Email: qzhao2018@gmail.com
Employment
  • July 2018 - now, Full-time in Bloomberg L.P., New York, United States
    • Senior Research Engineer in Machine Learning Group
  • October 2012 - July 2013, Full-time in Baidu Inc., Beijing, China
    • R&D Engineer in Sponsored Ads Model Group
    • Worked on feature engineering for Click-Through Rate prediction
  • July 2010 - August 2012, Full-time in Funshion Online Technologies Co., Ltd, Beijing, China
    • R&D Engineer in Data Mining Group working on Funshion Video Recommendation System
Education
  • August 2013 - May 2018, University of Minnesota, Twin Cities, United States
    • Research Assistant in GroupLens lab advised by Prof.

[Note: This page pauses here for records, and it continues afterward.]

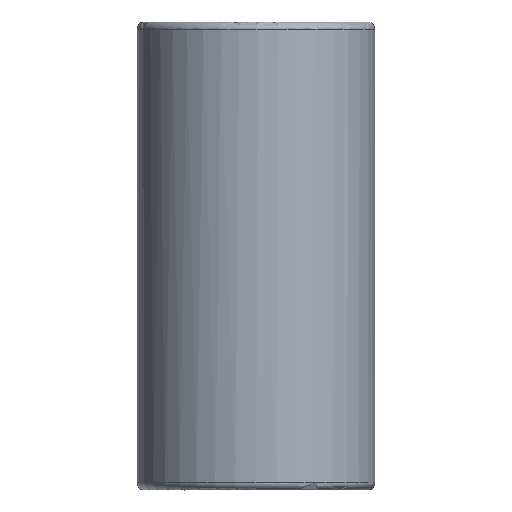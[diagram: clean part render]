
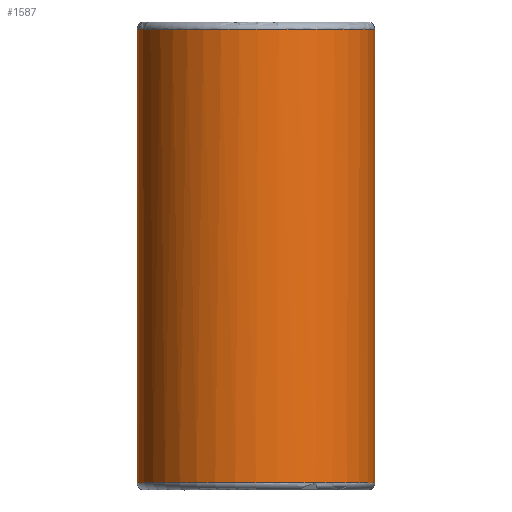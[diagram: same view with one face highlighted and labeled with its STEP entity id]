
A CAD part, front view. The second image highlights one B-rep face of the part: STEP entity #1587.
In plain terms, the highlighted cylindrical face has radius 4.839 mm (diameter 9.678 mm), a full revolution.
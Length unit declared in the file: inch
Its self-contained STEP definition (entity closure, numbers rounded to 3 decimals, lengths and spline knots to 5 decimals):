
#185=LINE('',#2533,#258);
#258=VECTOR('',#1946,0.19051);
#331=CYLINDRICAL_SURFACE('',#1693,0.19051);
#353=FACE_OUTER_BOUND('',#432,.T.);
#432=EDGE_LOOP('',(#1011,#1012,#1013,#1014,#1015,#1016));
#515=CIRCLE('',#1689,0.19051);
#516=CIRCLE('',#1690,0.19051);
#519=CIRCLE('',#1694,0.19051);
#520=CIRCLE('',#1695,0.19051);
#581=VERTEX_POINT('',#2523);
#582=VERTEX_POINT('',#2525);
#584=VERTEX_POINT('',#2532);
#585=VERTEX_POINT('',#2534);
#755=EDGE_CURVE('',#582,#581,#515,.T.);
#756=EDGE_CURVE('',#581,#582,#516,.T.);
#759=EDGE_CURVE('',#581,#584,#185,.T.);
#760=EDGE_CURVE('',#584,#585,#519,.T.);
#761=EDGE_CURVE('',#585,#584,#520,.T.);
#1011=ORIENTED_EDGE('',*,*,#755,.T.);
#1012=ORIENTED_EDGE('',*,*,#759,.T.);
#1013=ORIENTED_EDGE('',*,*,#760,.T.);
#1014=ORIENTED_EDGE('',*,*,#761,.T.);
#1015=ORIENTED_EDGE('',*,*,#759,.F.);
#1016=ORIENTED_EDGE('',*,*,#756,.T.);
#1587=ADVANCED_FACE('',(#353),#331,.T.);
#1689=AXIS2_PLACEMENT_3D('',#2526,#1936,#1937);
#1690=AXIS2_PLACEMENT_3D('',#2527,#1938,#1939);
#1693=AXIS2_PLACEMENT_3D('',#2531,#1944,#1945);
#1694=AXIS2_PLACEMENT_3D('',#2535,#1947,#1948);
#1695=AXIS2_PLACEMENT_3D('',#2536,#1949,#1950);
#1936=DIRECTION('center_axis',(0.,0.,1.));
#1937=DIRECTION('ref_axis',(-1.,0.,0.));
#1938=DIRECTION('center_axis',(0.,0.,1.));
#1939=DIRECTION('ref_axis',(-1.,0.,0.));
#1944=DIRECTION('center_axis',(0.,0.,1.));
#1945=DIRECTION('ref_axis',(1.,0.,0.));
#1946=DIRECTION('',(0.,0.,1.));
#1947=DIRECTION('center_axis',(0.,0.,-1.));
#1948=DIRECTION('ref_axis',(1.,0.,0.));
#1949=DIRECTION('center_axis',(0.,0.,-1.));
#1950=DIRECTION('ref_axis',(1.,0.,0.));
#2523=CARTESIAN_POINT('',(-0.19051,0.,-0.3634));
#2525=CARTESIAN_POINT('',(0.19051,0.,-0.3634));
#2526=CARTESIAN_POINT('Origin',(0.,0.,-0.3634));
#2527=CARTESIAN_POINT('Origin',(0.,0.,-0.3634));
#2531=CARTESIAN_POINT('Origin',(0.,0.,0.38828));
#2532=CARTESIAN_POINT('',(-0.19051,0.,0.3634));
#2533=CARTESIAN_POINT('',(-0.19051,0.,0.38828));
#2534=CARTESIAN_POINT('',(0.00331,-0.19048,0.3634));
#2535=CARTESIAN_POINT('Origin',(0.,0.,0.3634));
#2536=CARTESIAN_POINT('Origin',(0.,0.,0.3634));

Joe Konstan
    • Teaching Assistant for CSci 2033: Elementary Computational Linear Algebra, Fall 2013
  • Sept. 2006 - July 2010, Nankai University, Tianjin, China
Internships
  • August 2017 - November 2017, Google Research, Mountain View, United States
    • Recommender system research and engineering intern
  • May 2017 - August 2017, Microsoft Research, Redmond, United States
    • Recommender system research intern
  • May 2016 - August 2016, Yahoo Research, Sunnyvale, United States
    • Recommender system intern scientist
  • May 2014 - July 2014, Wise Inc., Berkeley, United States
    • Data Science and Machine Learning Consultant
Award
  • Doctoral Dissertation Fellowship. 2016-17. University of Minnesota. United States.
Research Interest
  • My research interest lies at the intersection of recommender systems, human-computer interaction and machine learning. My research goal is to bring human factors of attention, perception, decision-making, goal-directed and contextualized information needs into the statistical or computational models of information recommendation systems. My research employs mixed-method approaches, by understanding prominent user factors from theory, lab experiments and field studies; developing algorithms that take account of those factors; and evaluating their effects on user experience through field experiments.